- Nickname: Garuda
- Garuda Bairiya Location in Nepal
- Coordinates: 26°57′N 85°19′E﻿ / ﻿26.95°N 85.32°E
- Country: Nepal
- Zone: Narayani Zone
- District: Rautahat District

Population (1991)
- • Total: 1,878
- Time zone: UTC+5:45 (Nepal Time)

= Garuda Bairiya =

Garuda Bairiya is a village development committee in Rautahat District in the Narayani Zone of south-eastern Nepal. At the time of the 1991 Nepal census it had a population of 1878 people living in 313 individual households. By 2012, the VDC had largely increased in size and its population reached more than 10000 approximately. The village is divided into two areas: the bajar and the gaun. Birendra highway passes through the Bajar which has Chandranigahpur on the north connecting the East-West highway and Gaur on the south which is on the Nepal-India Border. The VDC gained its fortune after the Birendra Highway was constructed. After the highway construction, developments and infrastructures followed around the VDC areas. In ancient time, the owner of Garuda gaun is Mathur Chaudhry In 1994 A.D. Shree Ram Sugar Mill was erected in Garuda. With the establishment of the sugar industry, farmers had opportunity to open business with the factory. They increased their sugarcane farming and sold it to the factory in their backyard. The factory provided jobs and opened sources of business in the VDC. Hence, today the VDC is a fast-growing town with every business one can name.

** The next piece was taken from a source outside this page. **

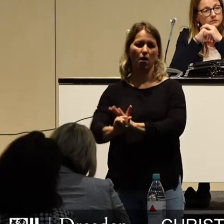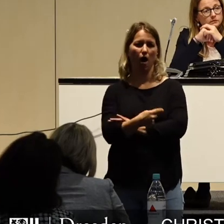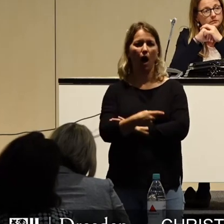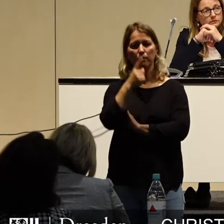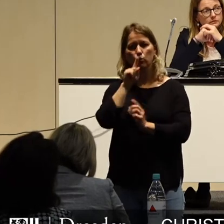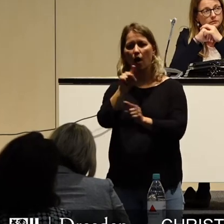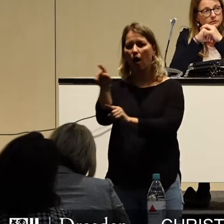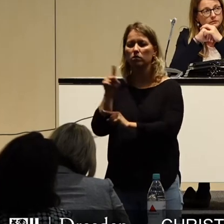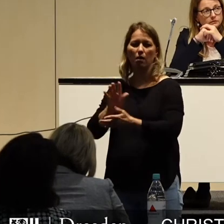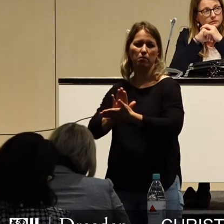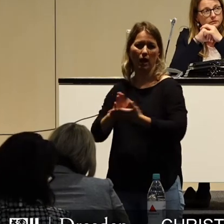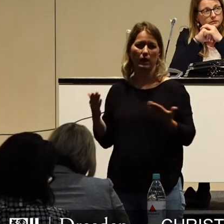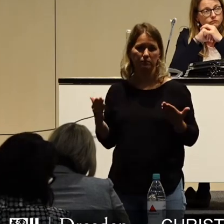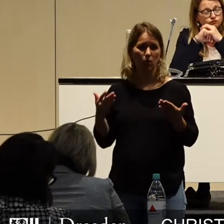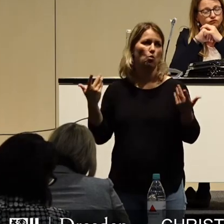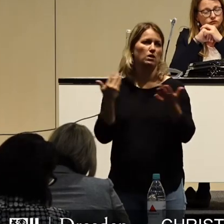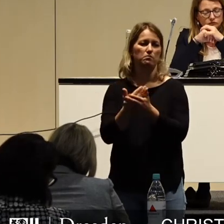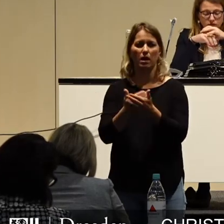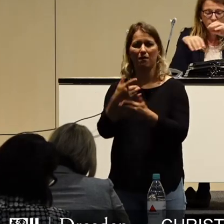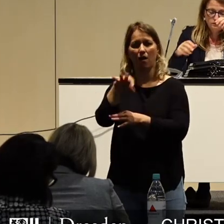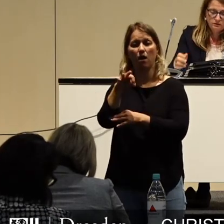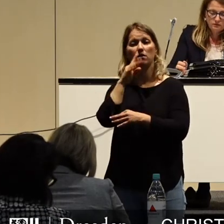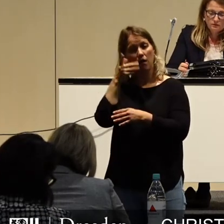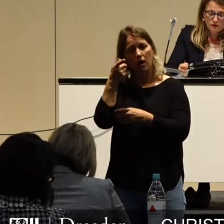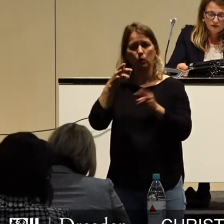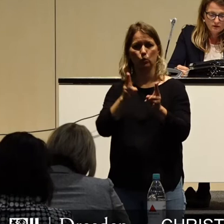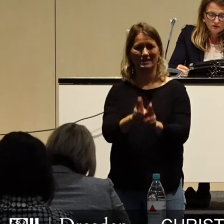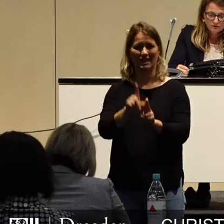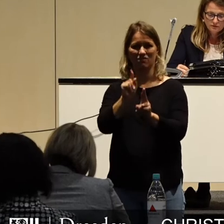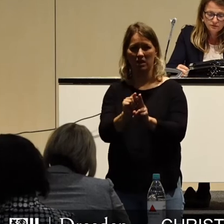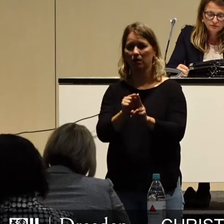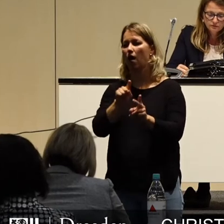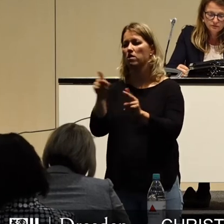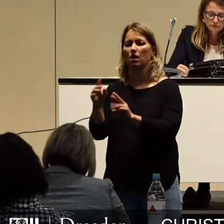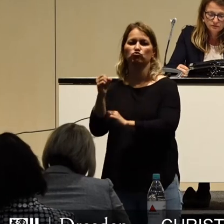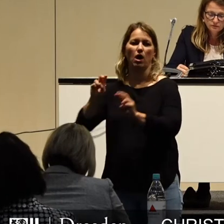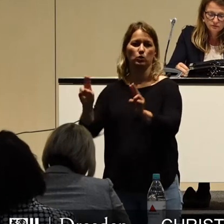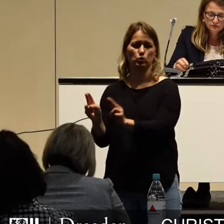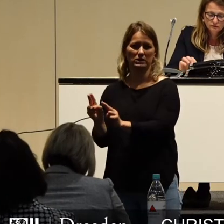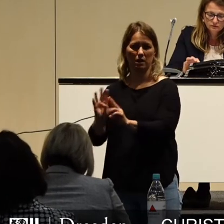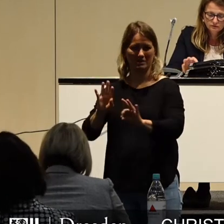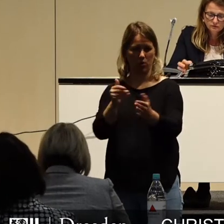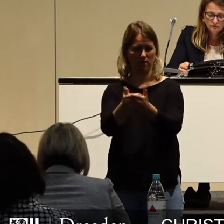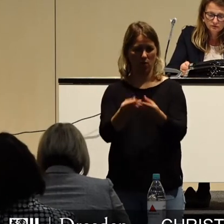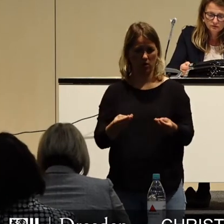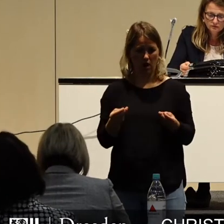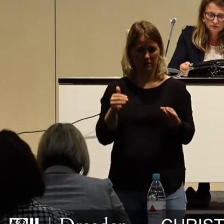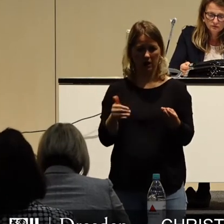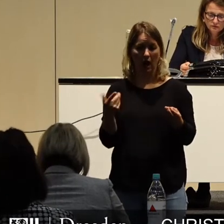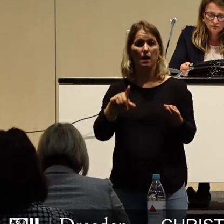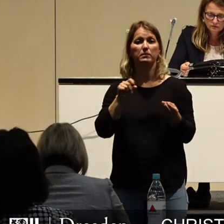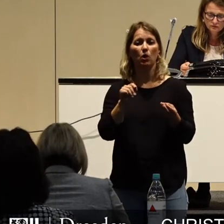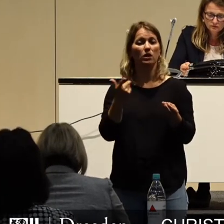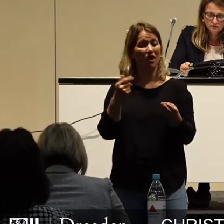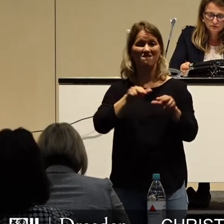andere wie gehabt fortführt. Das kann bedeuten, einzelne Dinge stärker zu kürzen, andere Dinge weniger. Aber eine solche Vorgabe bedeutet vor allem, dass man die Verwaltung
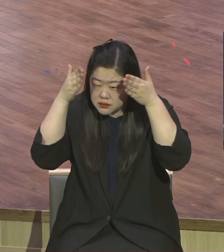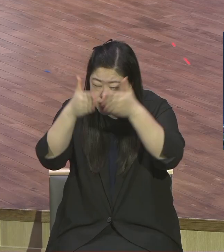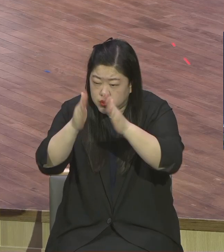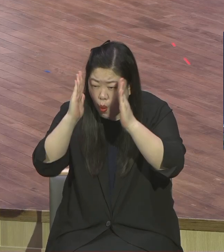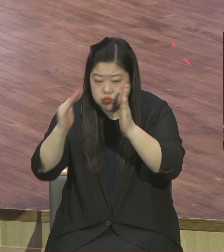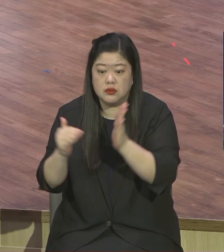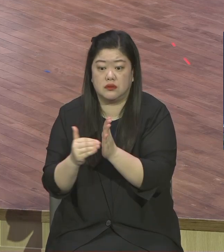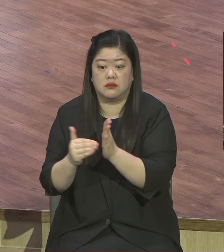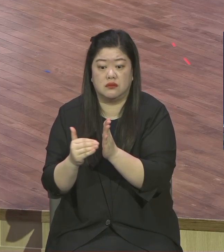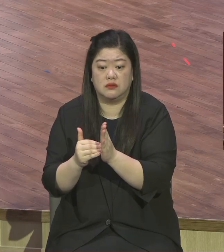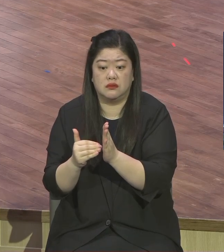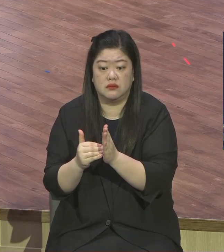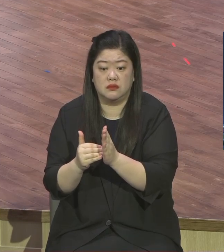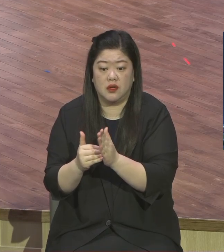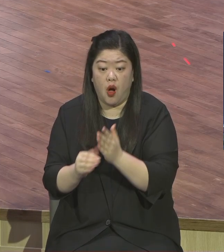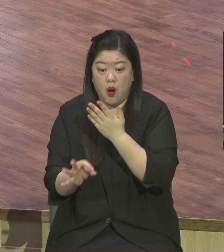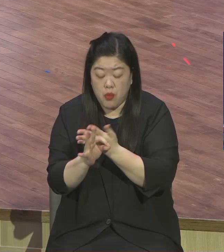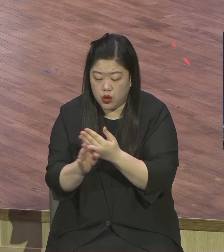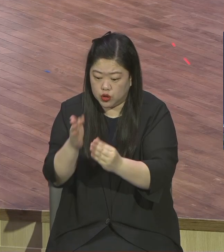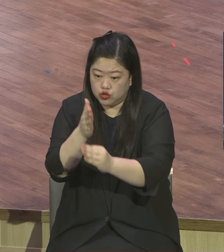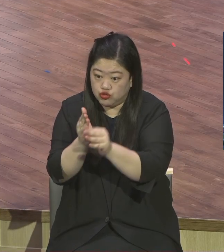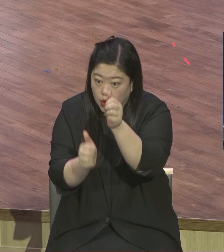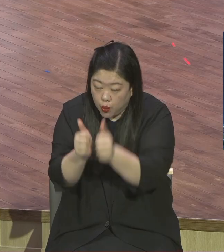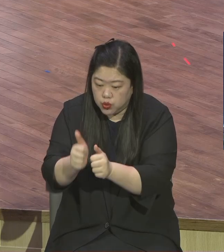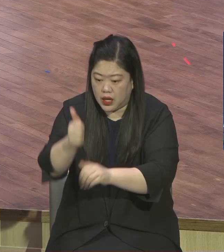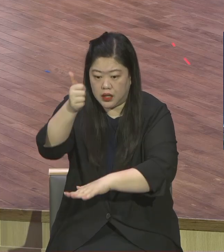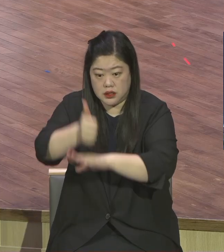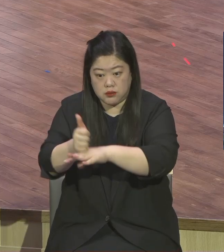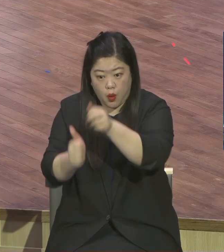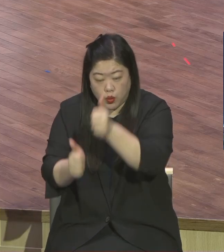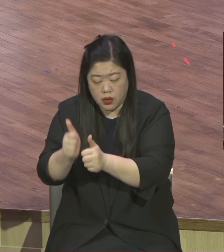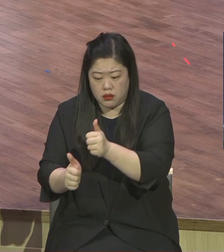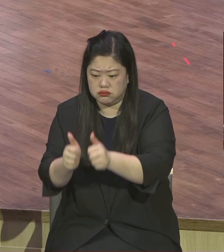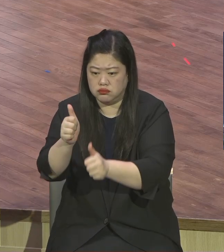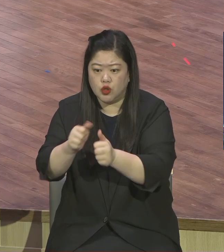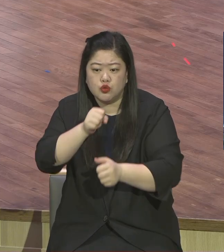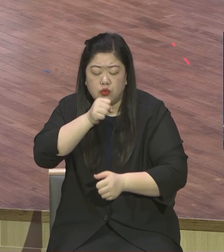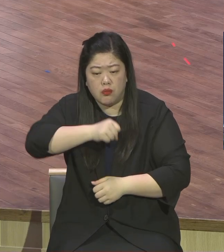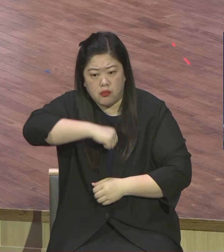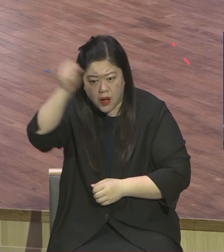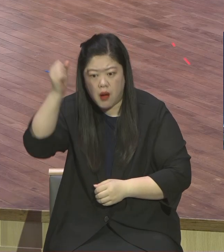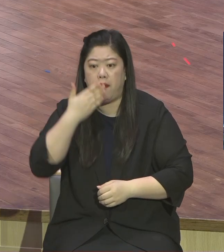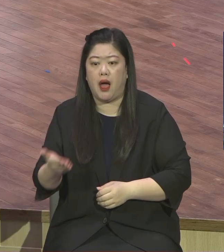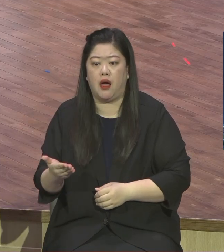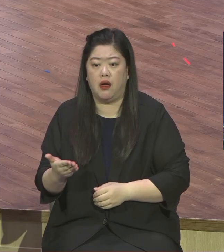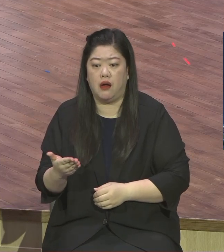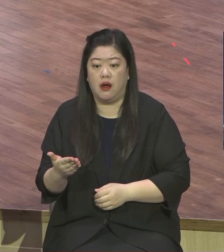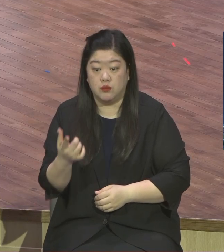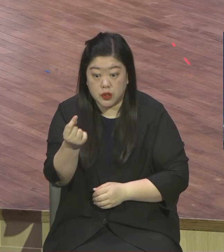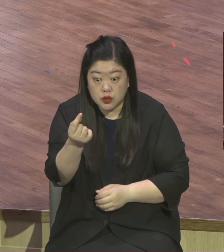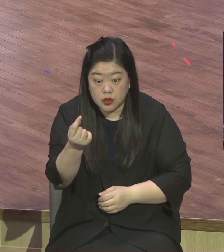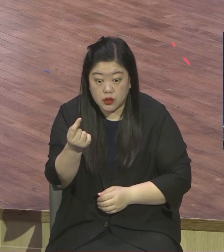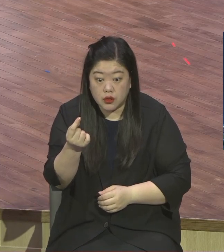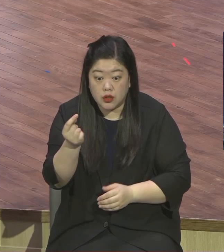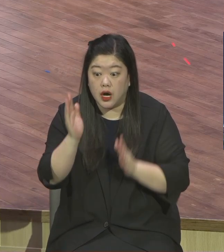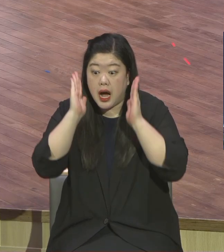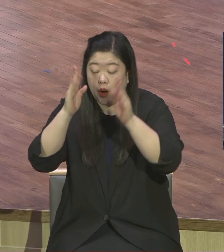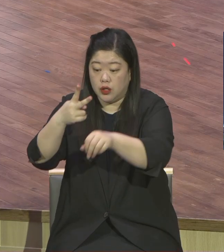선생님이 가르쳐준 그대로 거기에 집중해서 공부해야 성격이 올라가지 않느냐 죽으라고

It is the center of business in the area with few banks, five-six petrol pumps, hundreds of Grocery stores, handful of Shopping centers, small granary and Eating-oil mills, shoes factory, a High school, several restaurants, clinics and Elaka police Station. It has highest economic rate among all villages in its districts. Some of the major people like Jaiswal, Sharma, etc are well known for their business standard in Garuda. The VDC also has a movie theatre. Transport is available throughout all day and sparsely at the night. Approximately 50% of the people are involved directly in farming and the other 50% in Business or other traditional works.

== Media ==
To promote local culture Garuda has one FM radio station, Radio Madhesh Jana awaj – 98.6 MHz, which is a community radio station.

To promote local culture Garuda has one FM radio station, radio madhesh masla – 106.4 MHz, which is a community radio station.